Bounding volume hierarchy (BVH) visualization. The entire cow is contained within the initial bounding box. The triangles on the cow's head are contained in a descendant, smaller bounding box.

There are several heuristics that one can choose to do the actual partitioning and construction of the BVH. The approach that is taken here is to split a parent bounding box into two children by the midpoint along the box's longest side. This would help partition space more evenly so that the ray can skip the traversal of more objects on average.
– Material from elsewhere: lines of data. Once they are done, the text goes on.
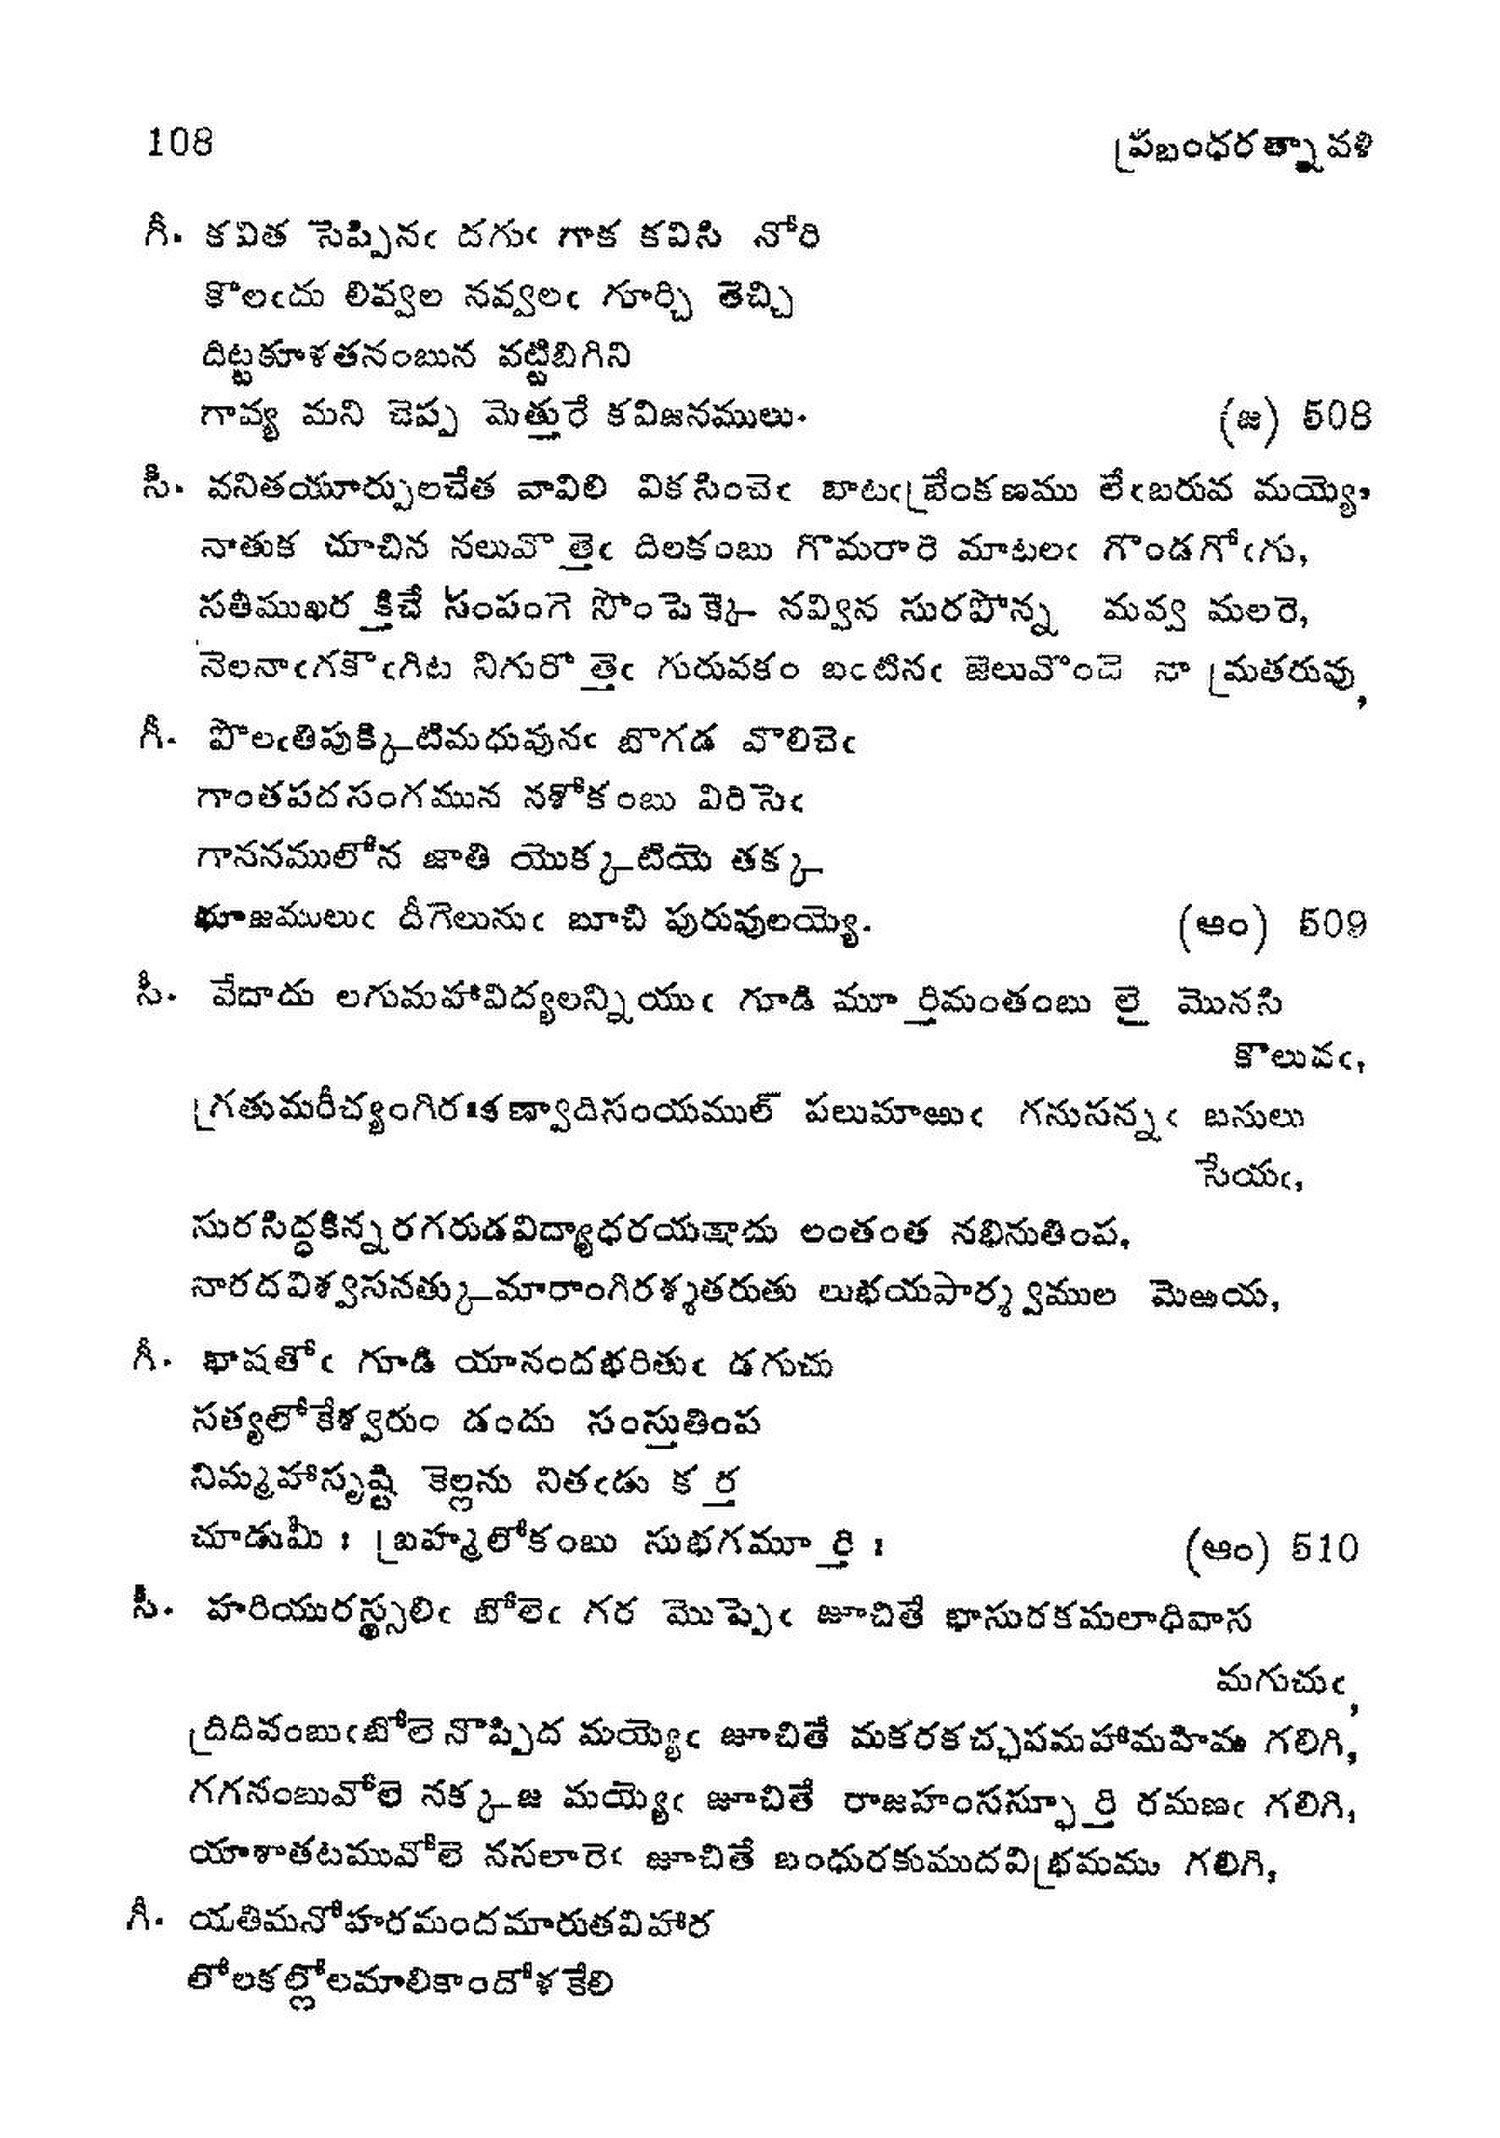గీ. కవిత సెప్పినఁదగుఁ గాక కవిసి నోరి
కొలఁదు లివ్వల నవ్వలఁ గూర్చి తెచ్చి
దిట్టకూళతనంబున వట్టిబిగిని
గావ్యమని చెప్ప మెత్తురే కవిజనములు. (జ) 508

సీ. వనిత యూర్పులచేత వావిలి వికసించెఁ బాటఁబ్రేంకణము లేఁబరువమయ్యె,
నాతుక చూచిన నలువొత్తెఁ దిలకంబు గొమరారె మాటలఁ గొండగోఁగు,
సతిముఖరక్తిచే సంపంగి సొంపెక్కె నవ్విన సురపొన్న మవ్వమలరె,
నెలనాఁగ కౌఁగిట నిగురొత్తెఁ గురవకం బంటినఁ జెలువొందె నామ్రతరువు,
గీ. పొలఁతి పుక్కిటిమధువునఁ బొగడ వొలిచెఁ
గాంతపదసంగమున నశోకంబు విరిసెఁ
గాననములోన జాతి యొక్కటియె తక్క
భూజములుఁ దీఁగలునుఁ బూచి పురువులయ్యె. (ఆం) 509

సీ. వేదాదులగు మహావిద్యలన్నియుఁ గూడి మూర్తిమంతంబులై మొనసి కొలువఁ,
గ్రతుమరీచ్యంగిరఃకణ్వాదిసంయముల్ పలుమాఱుఁ గనుసన్నఁ బనులు సేయ,
సురసిద్ధకిన్నరగరుడవిద్యాధర యక్షాదు లంతంత నభినుతింప,
నారదవిశ్వసనత్కుమారాంగిర శ్శతరుతు లుభయపార్శ్వముల మెఱయ,
గీ. భాషతోఁగూడి యానందభరితుఁడగుచు
సత్యలోకేశ్వరుండందు సంస్తుతింప
నిమ్మహాసృష్టికెల్లను నితఁడు కర్త
చూడుమీ! బ్రహ్మలోకంబు సుభగమూర్తి! (ఆం) 510

సీ. హరి యురస్స్థలిఁబోలెఁ గర మొప్పఁ జూచితే భాసురకమలాధి వాసమగుచుఁ,
ద్రిదివంబుఁబోలె నొప్పిదమయ్యెఁ జూచితే మకర కచ్ఛప మహా మహిమ గలిగి,
గగనంబువోలె నక్కజమయ్యెఁ జూచితే రాజహంసస్ఫూర్తి రమణఁ గలిగి,
యాశాతటమువోలె నసలారెఁ జూచితే బంధుర కుముదవిభ్రమము గలిగి
గీ. యతిమనోహర మందమారుత విహార
లోల కల్లోలమాలికాందోళకేలి

The time to ray trace a 3D scene with 1 ray (sample) per pixel is measured in the table below, using both the naive approach (testing every object against the ray) and the BVH accelerated approach. As we can see, the BVH helps render scenes of even hundreds of thousands of triangles within a fraction of a second. Without the BVH, the same scenes can take several minutes for the same result. The last measurement in the table below is already a 10,000x speedup! This difference would be felt even more as we increase the size, quality, and complexity of the scene (i.e. resolution, samples per pixel, and number of triangles).

Time to render various 3D scenes with and without BVH acceleration.
Scene	Number of Triangles	Naive Approach (seconds)	BVH Accelerated (seconds)
Teapot	2,464	9.5083	0.0417
Cow	5,856	20.0684	0.0480
Bunny	33,696	99.6719	0.0415
Bench	67,808	130.8857	0.0198
Dragon	105,120	328.4802	0.0478
Wall-E	240,326	(over 10 minutes)	0.0705

Here are a few of the moderately complex scenes that can now be ray traced with BVH acceleration, using simple surface normal (debug) coloring and 1 ray sample per pixel. Without using an acceleration structure, we would not be able to ray trace some 3D scenes with decent quality in a reasonable amount of time.
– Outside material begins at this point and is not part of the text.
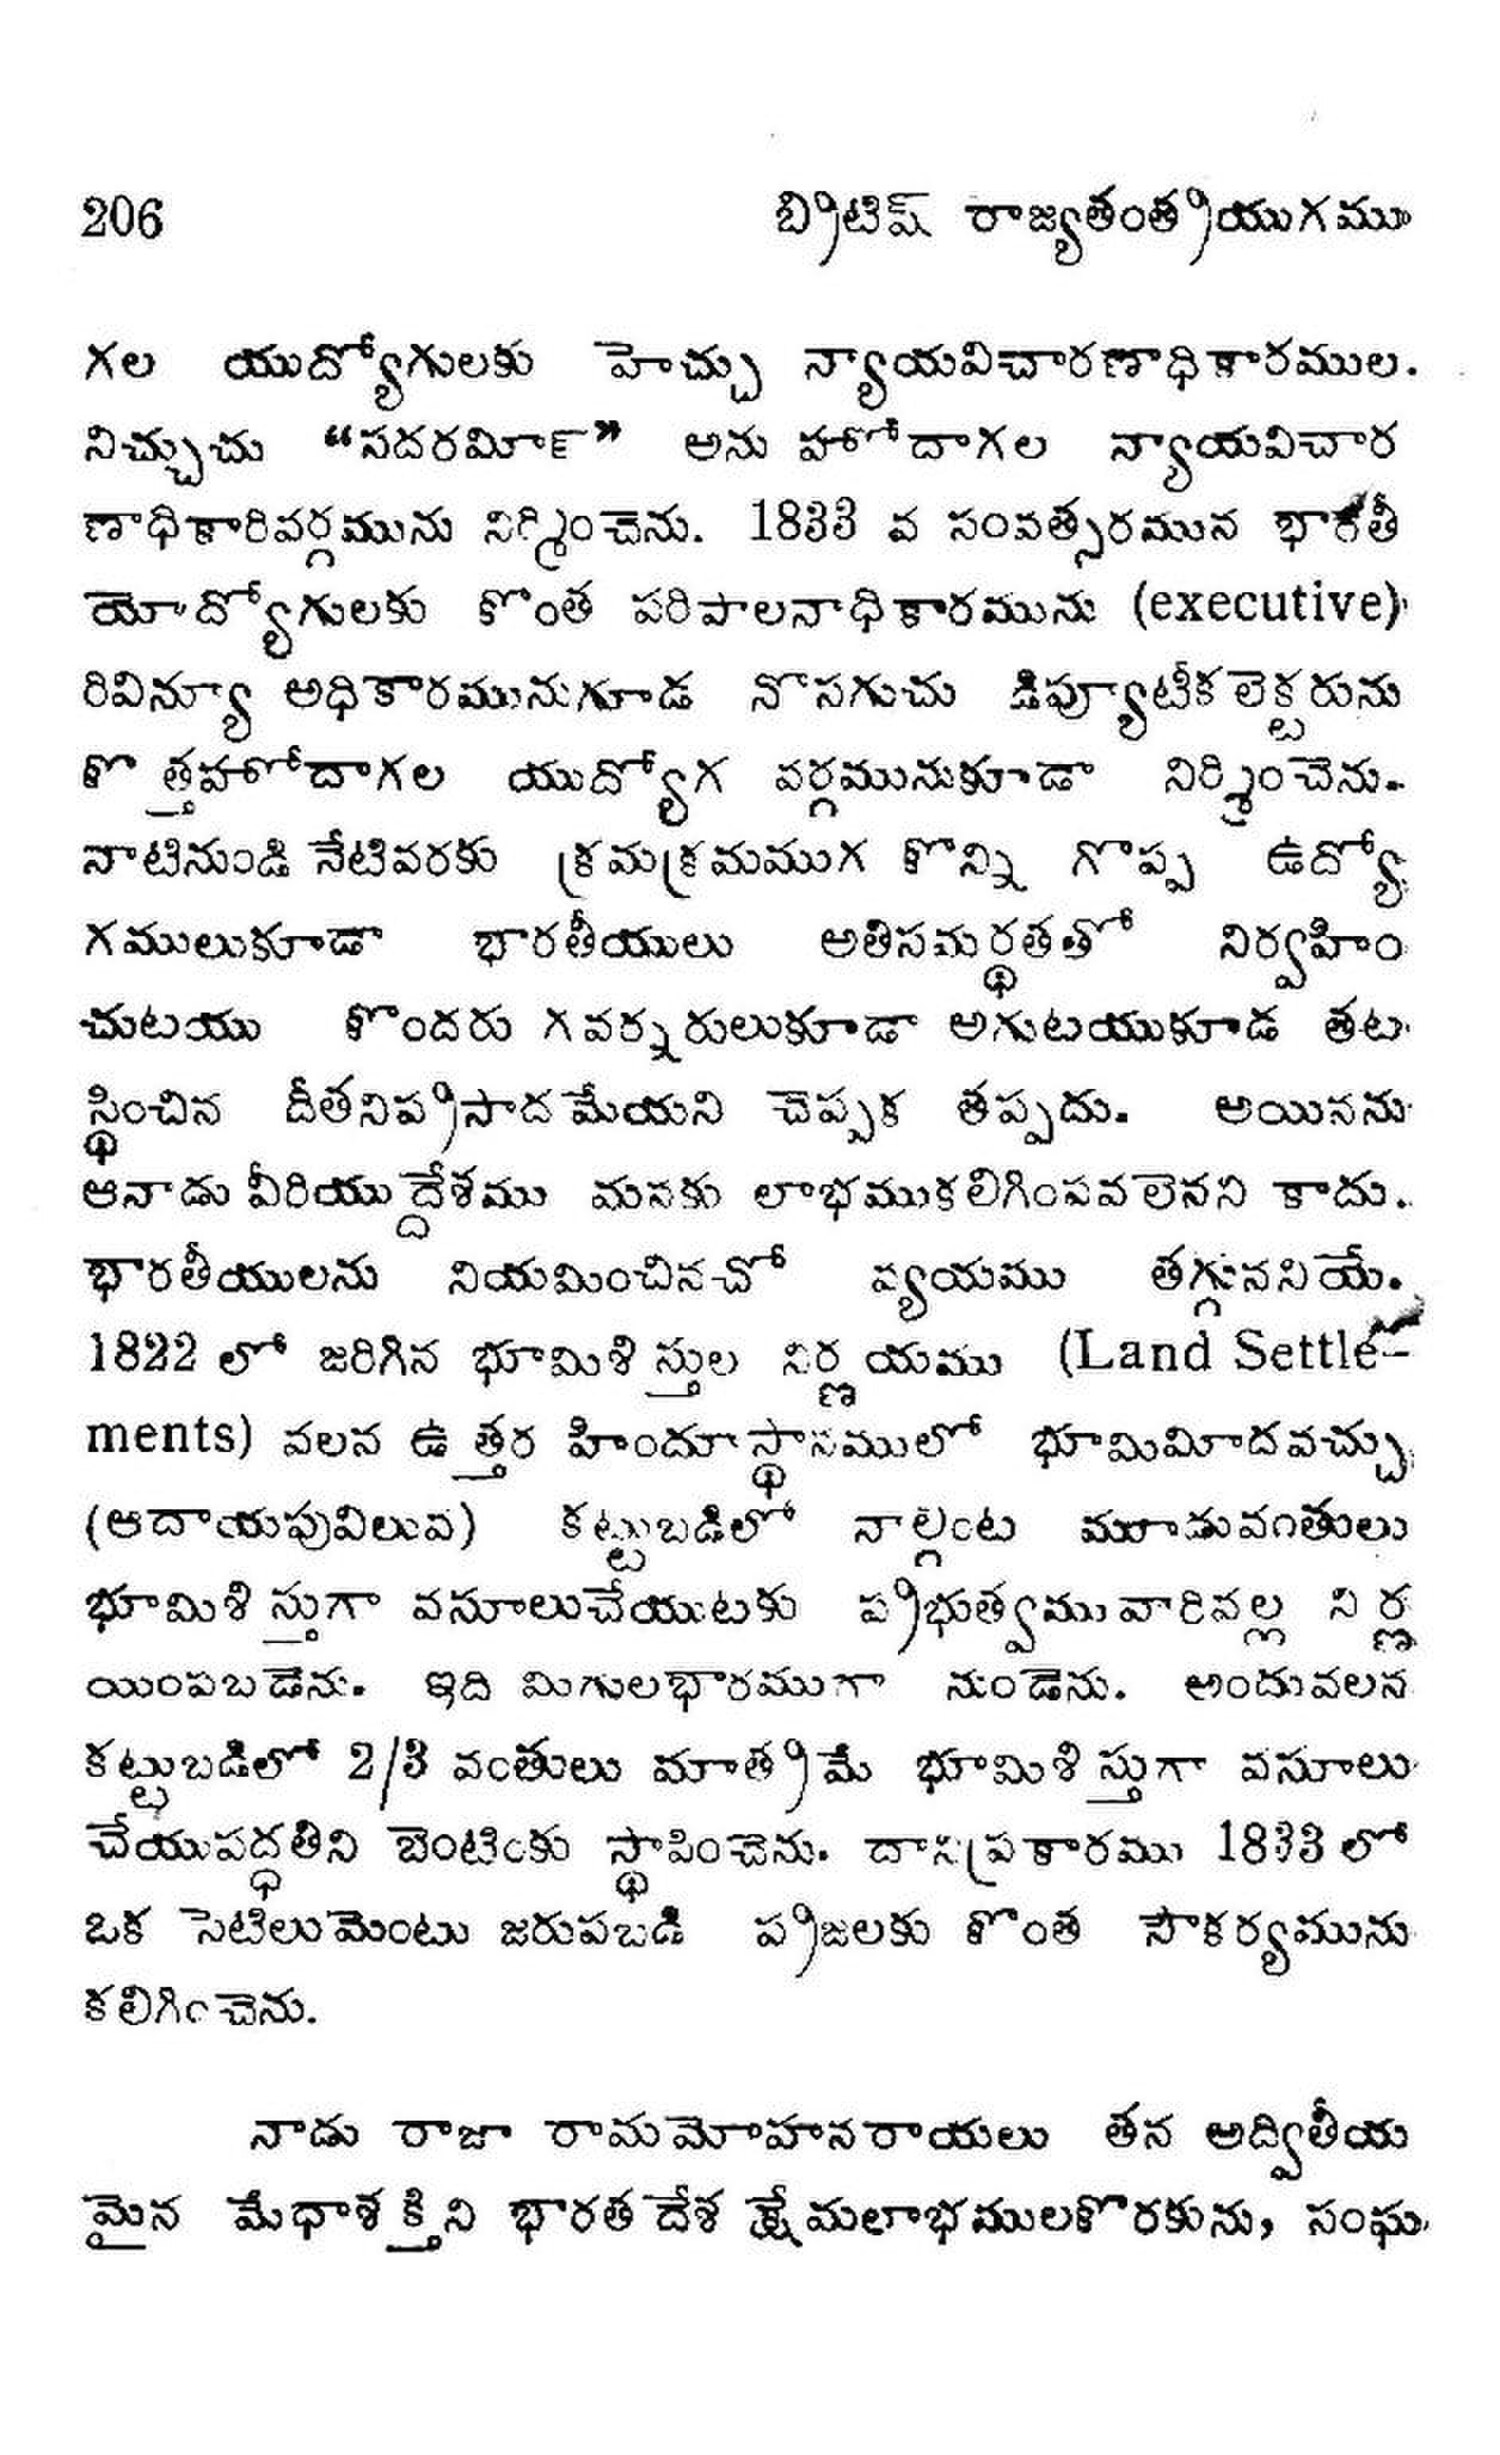గల యుద్యోగులకు హెచ్చు న్యాయవిచారణాధికారముల నిచ్చుచు "సదరమీ౯" అను హోదాగల న్యాయవిచారణాధికారి వర్గమును నిర్మించెను. 1833 వ సంవత్సరమున భారతీయోద్యోగులకు కొంత పరిపాలనాధికారమును (executive), రివిన్యూ అధికారమునుగూడ నొసగుచు డిప్యూటీకలెక్టరును కొత్తహోదాగల యుద్యోగ వర్గమునుకూడా నిర్మించెను. నాటినుండి నేటివరకు క్రమక్రమముగ కొన్ని గొప్ప ఉద్యోగములుకూడా భారతీయులు అతిసమర్థతతో నిర్వహించుటయు కొందరు గవర్నరులుకూడా అగుటయుకూడ తటస్థించిన దీతనిప్రసాదమేయని చెప్పక తప్పదు. అయినను ఆనాడు వీరియుద్దేశము మనకు లాభముకలిగింపవలెనని కాదు. భారతీయులను నియమించినచో వ్యయము తగ్గుననియే., 1822 లో జరిగిన భూమిశిస్తుల నిర్ణయము (Land Settlements) వలన ఉత్తర హిందూస్థానములో భూమిమీదవచ్చు (ఆదాయపు విలువ) కట్టుబడిలో నాల్గింట మూడువంతులు భూమిశిస్తుగా వసూలుచేయుటకు ప్రభుత్వము వారివల్ల నిర్ణయింపబడెను. ఇది మిగులభారముగా నుండెను. అందువలన కట్టుబడిలో 2/3 వంతులు మాత్రమే భూమిశిస్తుగా వసూలు చేయుపద్ధతిని బెంటింకు స్థాపించెను. దానిప్రకారము 1833 లో ఒక సెటిలుమెంటు జరుపబడి ప్రజలకు కొంత సౌకర్యమును కలిగించెను.

నాడు రాజా రామమోహనరాయలు తన అద్వితీయమైన మేధాశక్తిని భారతదేశ క్షేమలాభములకొరకును, సంఘ,

Part 3: Direct and Global Illumination

To complete the rendering, we must calculate the light reflecting off the surface in the direction of the viewing ray. This will depend on the properties of the material and position/orientation relative to light sources. We can also make a distinction between direct light sources and indirect lighting, which incorporates light bouncing from other surfaces instead of just the light source. We can perform all of these calculations to make a physically-based renderer by implementing a method called path tracing.

Here are some renderings of 3D scenes path traced for global illumination! This is the Stanford Bunny in the Cornell Box.

Directly lighted bunny. — Direct lighting.
(Only light sources and one bounce of light.)

Indirectly lighted bunny. — Indirect lighting.
(Only two or more bounces of light.)

Globally illuminated bunny. — Global illumination.
(Direct and indirect lighting.)

Here is another example.

Directly lighted spheres. — Direct lighting.

Indirectly lighted spheres. — Indirect lighting.

Globally illuminated spheres. — Global illumination.